Замерли вдруг виссавийцы, натянулась, зазвенела от напряжения, черная паутина. И мелодия, будто почувствовав, стала глубже, тревожнее, баламутя клубившуюся в душе черную тоску. Сердце, предательское, пустившееся вскачь сердце, выхватило из толпы одного единственного человека, родственную душу, выкрикнуло бесшумно: «Помоги, брат!»

Человек вздрогнул, оглянулся, опустил на плечи капюшон плаща. Мальчик. Всего лишь слабый мальчик, выдохнуло сердце. А браслет показался вдруг живым серебром, овившим запястье. «Там! — поднял руку Рэми, чувствуя, как накатывает волнами слабость. — Помоги Арману! Молю!»

А дальше как в тумане. Обернувшись к столбу света, чужой мальчик вскочил на ноги. Выкрикнул заклинание, вскинув вверх руки. Взмыл в воздух и не услышал ударом хлыста огревший оклик:

— Вирес, стой!

Вирес не слушал — в одно мгновение оказался он возле пламени, сминая раскиданные по бархату хризантемы. Кажется, кто-то что-то кричал. Взметнулись вверх нити виссавийцев. Отразило синий огонь змеиное тело. Завихрилась переливами мелодия и белой молнией сверкнул освобожденный из ножен кинжал, пронзая шею гада.

Телохранитель повелителя вскочил с колен, посмотрел на змею, потом на Виреса, и подал мальчику руку, помогая спрыгнуть с каменного лепестка.

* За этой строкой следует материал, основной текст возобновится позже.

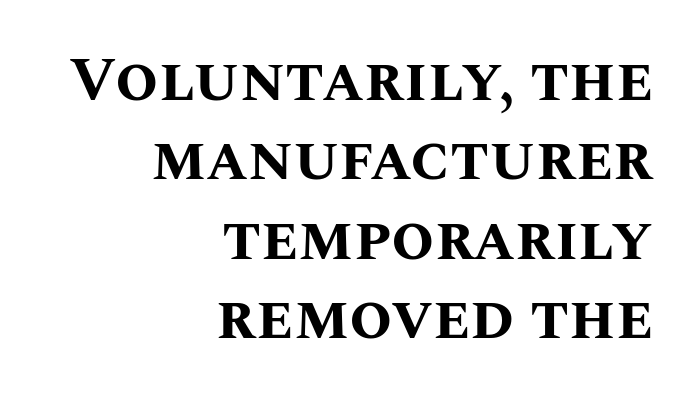
Q: Is the text bold? A: Yes.
Q: Is the text italic (slanted)? A: No, it is upright.
Q: Is the text underlined? A: No.
Q: How is the paragraph aligned? A: Right-aligned.
Q: Is the spacing between letters normal or unusually wide? A: Normal.
Q: Is the spacing between lines tight, normal or loose? A: Normal.
Q: Width (condensed, normal, or wide)? A: Normal.
Q: Stroke contrast? A: Medium.
Q: x-height? A: Large.
Q: Monospaced? A: No.
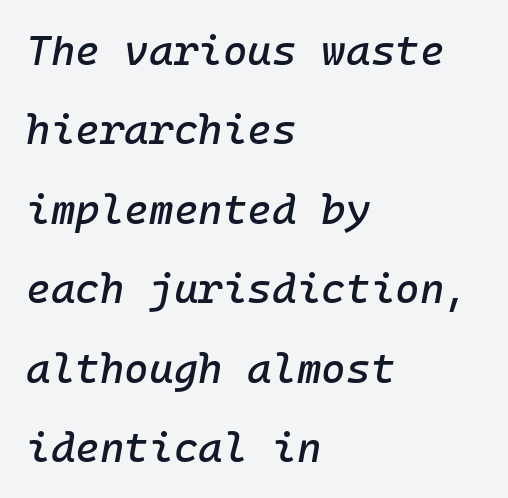
{"italic": "yes", "lean": "right", "slant_degrees": 10, "width": "normal", "stroke_contrast": "low", "x_height": "medium", "underline": "no", "align": "left", "line_spacing_ratio": 1.89, "letter_spacing": "normal", "letter_spacing_em": 0.0, "glyph_px": 42}
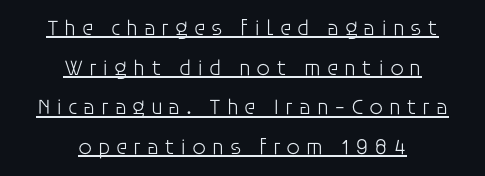
{"italic": "no", "bold": "no", "underline": "yes", "align": "center", "line_spacing_ratio": 1.8, "letter_spacing": "wide", "letter_spacing_em": 0.25, "glyph_px": 22}
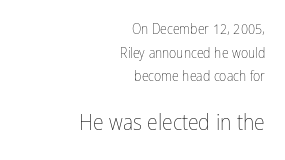
{"italic": "no", "bold": "no", "underline": "no", "align": "right", "line_spacing": "normal", "line_spacing_ratio": 1.68, "letter_spacing": "normal", "letter_spacing_em": 0.0, "larger_block": "second", "size_ratio": 1.57, "glyph_px": 22}
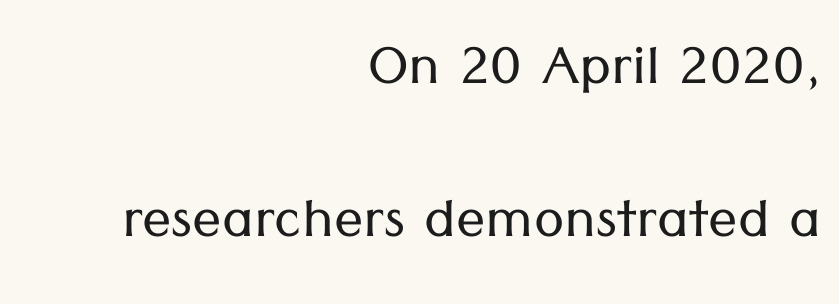
The image shows 73 px light sans-serif type, upright; set right-aligned, loose line spacing (2.09x), normal letter spacing, not underlined; low stroke contrast and a medium x-height.
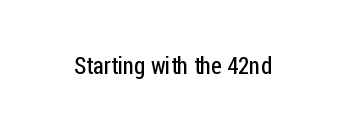
{"italic": "no", "bold": "no", "underline": "no", "letter_spacing": "normal", "letter_spacing_em": 0.0, "glyph_px": 24}

Жрецы продолжали петь. Ничего не заметивший Арман так же тяжело дышал в магическом огне. Извивалось, раскидывало по бархату хризантемы пришпиленное к камню змеиное тело, а Рэми ритуал более не казался волшебным и завораживающим. С ужасом смотрел он, как поднялся с колен Эдлай, прошел мимо коленопреклонных арханов и, безошибочно найдя пославшего змею, пнул его, заставив упасть на спину.

Жерл дернул было резко рукой, посылая к ним дозорных, но Эдлай вдруг брезгливо скривился и, резко схватив убийцу за волосы, одним жестом перерезал ему горло.

— Вот же идиот, — едва слышно сказал Жерл, останавливая дозорных.

Рэми дрожал, оторвав взгляд от корчившегося в агонии тела. Айдэ получил свою жертву. Все закончилось. Умолкла мелодия. Исчезла паутина, исчезли и виссавийские жрецы смерти, стало легче дышать. Арман медленно поднялся с колен и сам, без чужой помощи, вышел из синего огня. Рэми передернулся, в один миг прокляв все на свете. Боги, какие холодные у архана глаза! Какое безжизненное лицо! Боль, страшная иссушающая боль была лучше. Это уже не Арман…

Не понимая, почему ему так больно, почувствовав, что слабеет, Рэми хотел было встать, но покачнулся и чуть было не упал вниз, на горевший огнями треножников пол. Ему казалось, что он сейчас чем-то пожертвовал, чем-то очень важным, и пожертвовал зря.